Britannia burning

An eerie calm has settled over London since Wednesday after three nights of rioting and looting that saw shops and offices smashed and violated. The riot began in north London where poor immigrant communities reside; then spread south and east and everywhere else. More than 1,200 people were arrested as British Prime Minister David Cameron announced a get-tough policy against general lawlessness and dispatched 16,000 police troops to stop the riots. While the show of force proved successful, there were reports of violence elsewhere in Britain’s second largest city of Birmingham and in Manchester. Now British leaders and commentators are hard-pressed to explain the causes of the unrest.
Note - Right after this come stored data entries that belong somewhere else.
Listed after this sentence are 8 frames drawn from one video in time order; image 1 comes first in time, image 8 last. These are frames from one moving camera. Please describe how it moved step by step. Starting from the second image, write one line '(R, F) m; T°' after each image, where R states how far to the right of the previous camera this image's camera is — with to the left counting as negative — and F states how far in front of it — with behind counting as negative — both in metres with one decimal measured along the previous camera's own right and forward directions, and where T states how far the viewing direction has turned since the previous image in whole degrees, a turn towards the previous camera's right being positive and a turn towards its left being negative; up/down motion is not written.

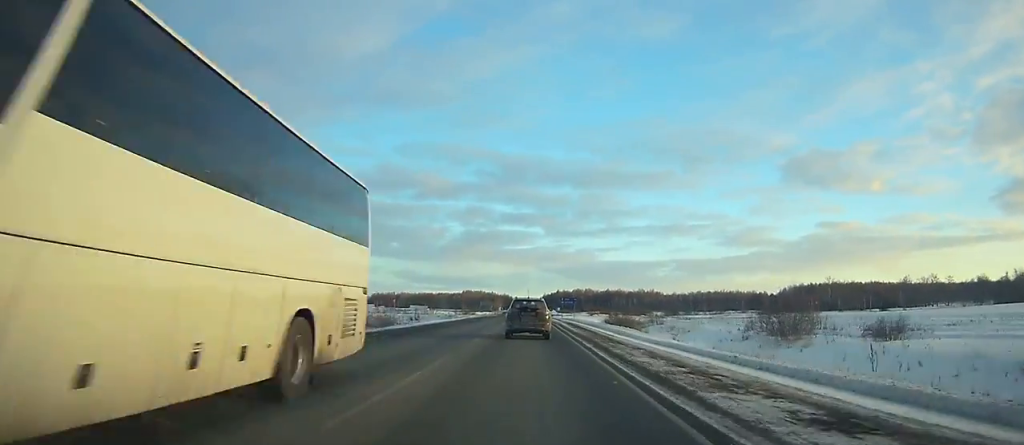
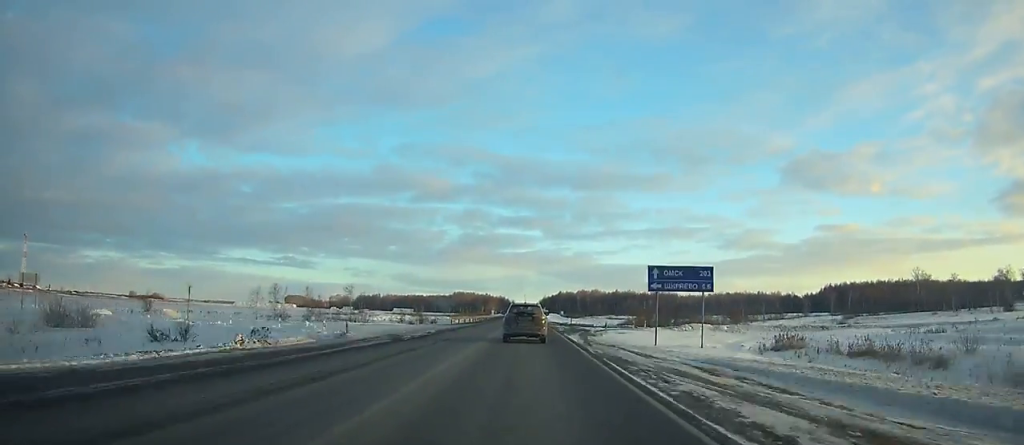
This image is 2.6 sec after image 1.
(-0.1, +71.8) m; 0°
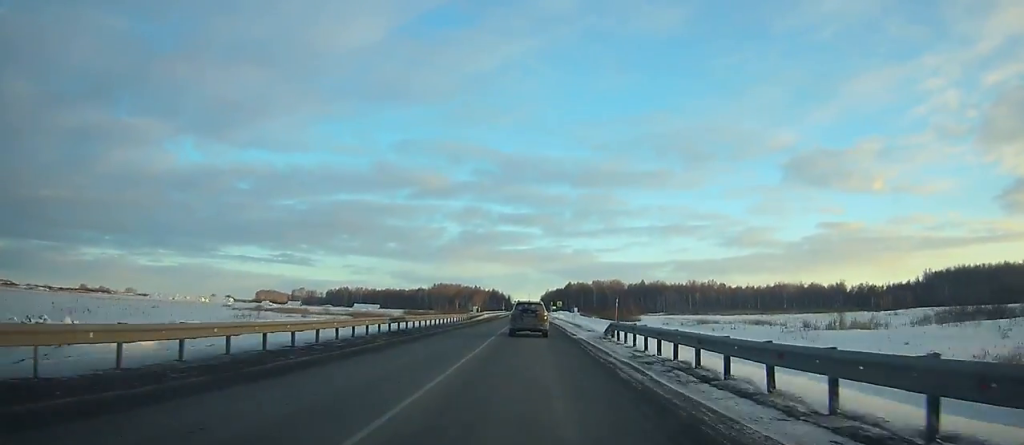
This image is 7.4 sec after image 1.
(0.0, +130.3) m; 0°
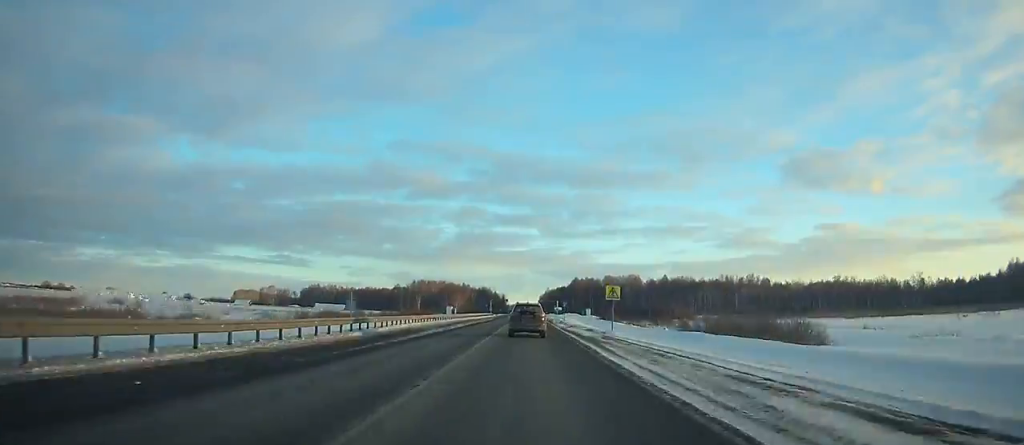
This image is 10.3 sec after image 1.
(0.0, +78.0) m; 0°
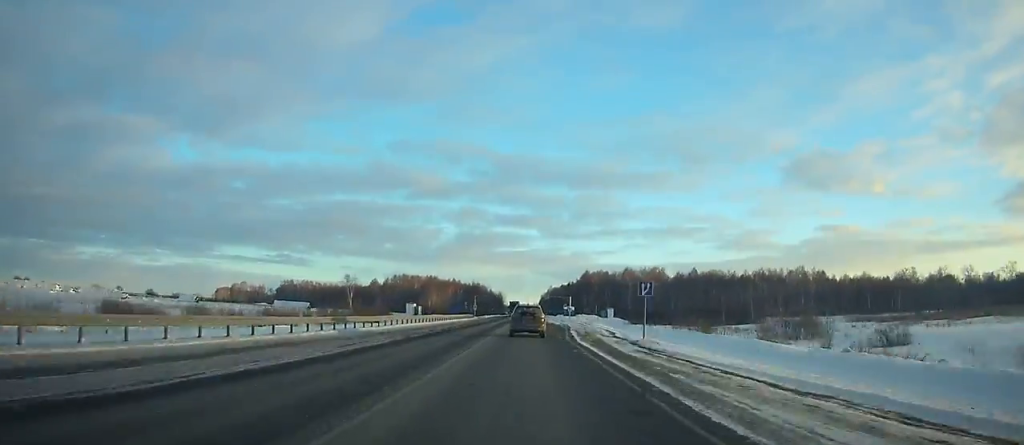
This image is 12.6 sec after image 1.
(0.0, +61.9) m; 0°
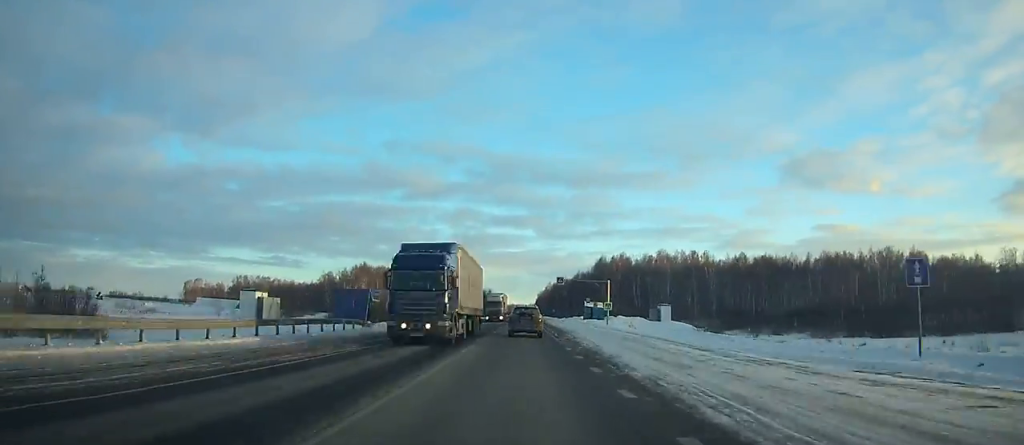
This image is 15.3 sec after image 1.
(+0.1, +72.8) m; 0°
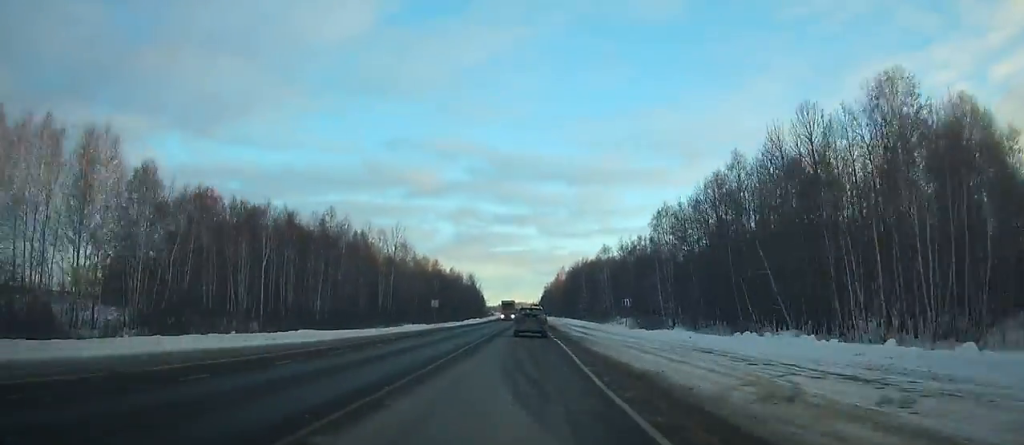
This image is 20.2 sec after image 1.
(0.0, +133.3) m; 0°
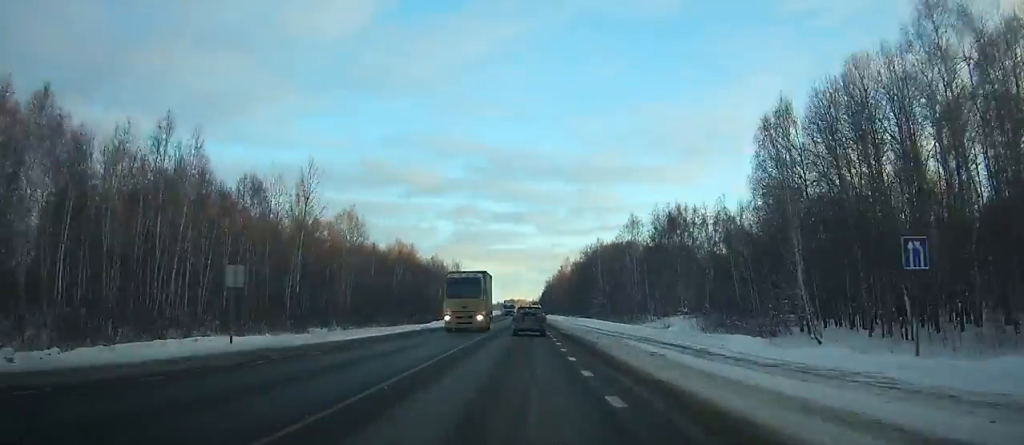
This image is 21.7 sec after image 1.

The riots began the other Saturday when what was at first a peaceful protest over a police shooting in London’s Tottenham neighborhood turned violent. The clash unleashed an open season for mayhem and looting especially by young people. Predictably enough, the rioters ran off with goods every teen wants—bikes, electronics sneakers and leather goods. But they also torched stores, apparently just for the fun of seeing something burn. One youth rioter gleefully told a television news camera man, “Come join the fun.”

Britain is bitterly divided over the riots. The police have blamed it on sheer criminality, on the infectious spirit of anarchy fueled by opportunism and a false sense of freedom. Considering that most of the rioters are young and in the age when they are prey to feelings of rebellion, this may have some basis. But it is also true that the young rioters have reasons to be angry and the violence that took place was an occasion to let off steam, to vent their wrath on a world that’s increasingly hemming them in a sort of prison.

Their reasons have social and economic moorings. Like America, Britain is fighting colossal debts and it’s doing so by harsh cuts on social services. The austerity measures include closing youth clubs, and it is quite tempting to surmise that the move has fostered anomie among young people. Considering further that Britain has a big immigrant community, the closure of youth clubs and other welfare cuts may have driven young immigrants underground so that they have become “ghettoized.” What later happened would be the outbreak of pogroms of hate. The fact, too, that austerity measures involve cuts in the police budget contributed to the initial inadequate police response to contain the violence.

Social analysts have pointed to the role of social networking in fueling the unrest. Social media were prominent in the “Arab Spring” early this year, and even earlier, during our own Edsa Dos 10 years ago. The Arabs were reeling from an economic crisis that saw the prices of food and other basic commodities skyrocket, sparking unrest and later a movement to topple their authoritarian governments. But while the Arab movement driven by social networking sparked a pro-democracy wave, the London riots were sheer chaos, organized as it were by the power of social networking. This may indicate that for all of its potential to build, the “global village” (a phrase coined by the late Canadian media guru Marshall McLuhan to indicate how the electronic media have so connected people around the world as to shrink it into a village), that has been created by social networking also has the potential to foster alienation and a false social integration especially among young people, constituting them into the “new illiteracy” (another of McLuhan fancy but revealing phrases). In short, social networking may have produced the 21st century version of the “angry young man.”

The “angry young man” phenomenon was typically British in the ‘50s and ‘60s. But it threatens to become global now because it cannot be denied that the socio-economic basis of the unrest owes to the wages of globalization. The global financial crisis may be creating a generation of young people watching the opportunities around them falling short of their aspirations. The crisis has created an army of jobless people, with fewer and less well-paid jobs at every level. Benefits and educational support have been cut. The crisis may be creating a generation of hate and lawlessness.

But as the young man captured on British television says, “Come join the fun.” The “fun” is confounding to a world that had witnessed the United Kingdom basking in the glow of the royal wedding between Prince William and his bride just months back. Moreover, London is set to host the Olympics next year. Sandwiched between these two “fun” events is—in the phrase of Shakespeare that should ennoble an ugly summer of chaos and havoc—“the winter of our discontent.”